Категории
Самые читаемые
onlinekniga.com » Проза » Историческая проза » О душах живых и мертвых - Алексей Новиков

О душах живых и мертвых - Алексей Новиков

Читать онлайн О душах живых и мертвых - Алексей Новиков

Шрифт:

-
+

Интервал:

-
+

Закладка:

Сделать
1 ... 19 20 21 22 23 24 25 26 27 ... 106
Перейти на страницу:

Бенкендорф развел руками.

– Если бы мы были всемогущими, ваше превосходительство! – Он выдержал паузу, всю значимость которой должен был оценить собеседник. – Впрочем, русские власти всегда будут стоять на страже справедливости, – заключил шеф жандармов. – Не сомневайтесь в искренности моих слов.

Проводив гостя, Бенкендорф с особым вниманием перечитал копию показаний секунданта Лермонтова, Алексея Аркадьевича Столыпина.

После ареста Лермонтова Столыпин почувствовал, что над головой поэта собираются грозовые тучи.
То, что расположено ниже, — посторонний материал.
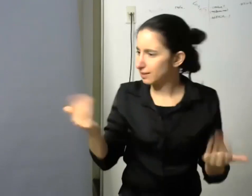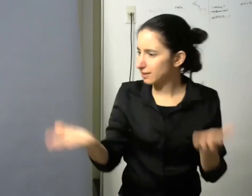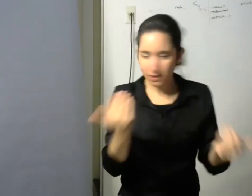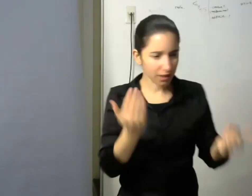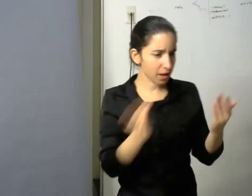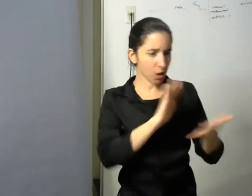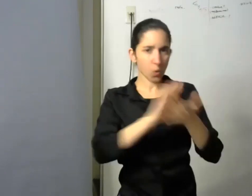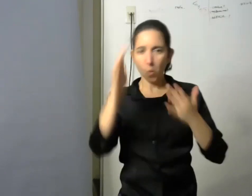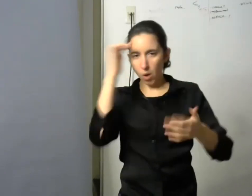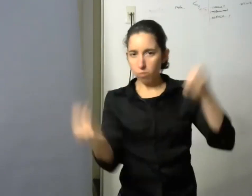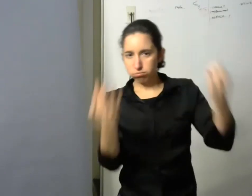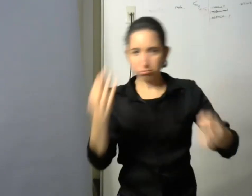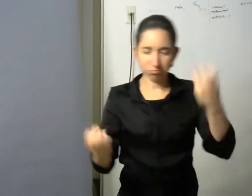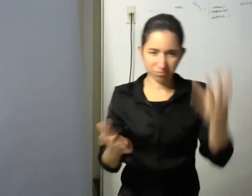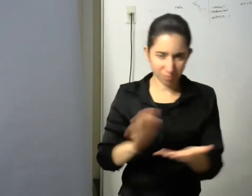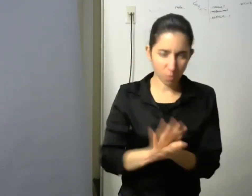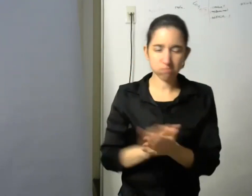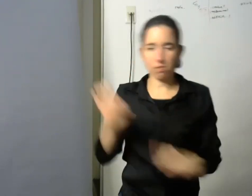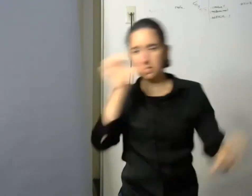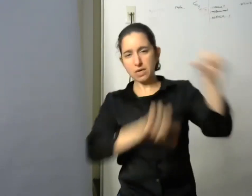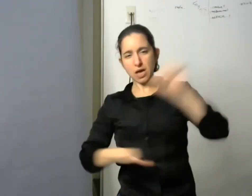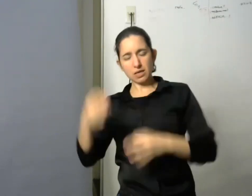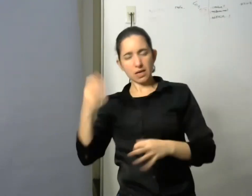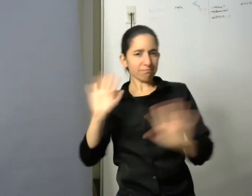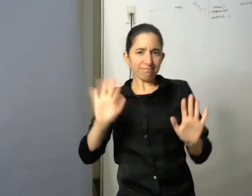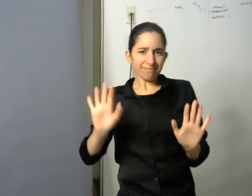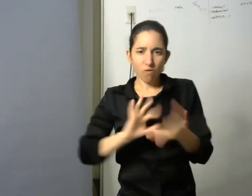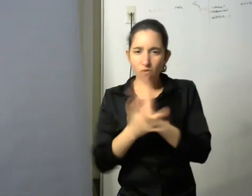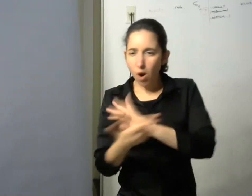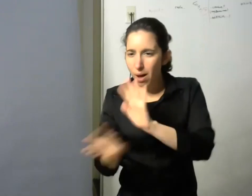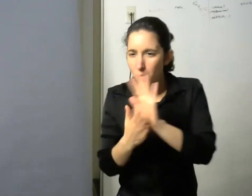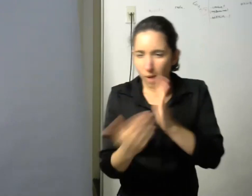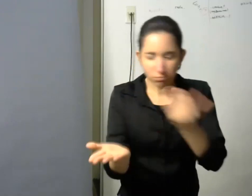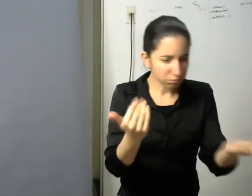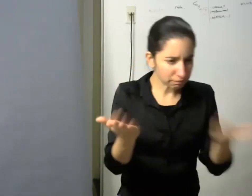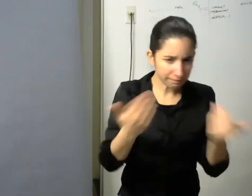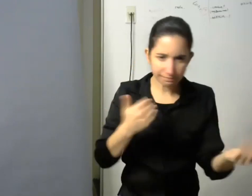al científico en el trato de las personas para poder

Было похоже, что молнии готовы ударить откуда-то с высоты. Интрига, если и начала ее Тереза Бахерахт, давно дошла до дворцовых сфер. А Столыпина никто не звал, никто не допрашивал.

Тогда он обратился к помощнику Бенкендорфа, заявляя о своем участии в дуэли и требуя привлечения к делу.

Но генерал Дубельт или был занят другими делами, или полагал, что секундант Лермонтова никого не интересует. Столыпину пришлось потревожить самого Бенкендорфа.

Нельзя было сделать шага более неудачного. Столыпина немедленно арестовали и подробно допросили. Собственно говоря, Алексей Аркадьевич не имел никаких оснований обращаться к жандармам. Как ни всемогуще было ведомство графа Бенкендорфа, не оно ведало до сих пор следствием о дуэли. Но, должно быть, Столыпин, как и многие россияне, был убежден, что все пути ведут к Бенкендорфу, а может быть, подтолкнул его страх неизвестности.

Да и граф Бенкендорф, осведомившись о дуэли, вовсе не обязан был ею заниматься. Мало ли стреляются господа офицеры. Иное дело, когда обозначилась перед глазами шефа жандармов фамилия поручика Лермонтова. Отныне граф Бенкендорф, формально не участвуя в следствии, уже ни на минуту о нем не забывал.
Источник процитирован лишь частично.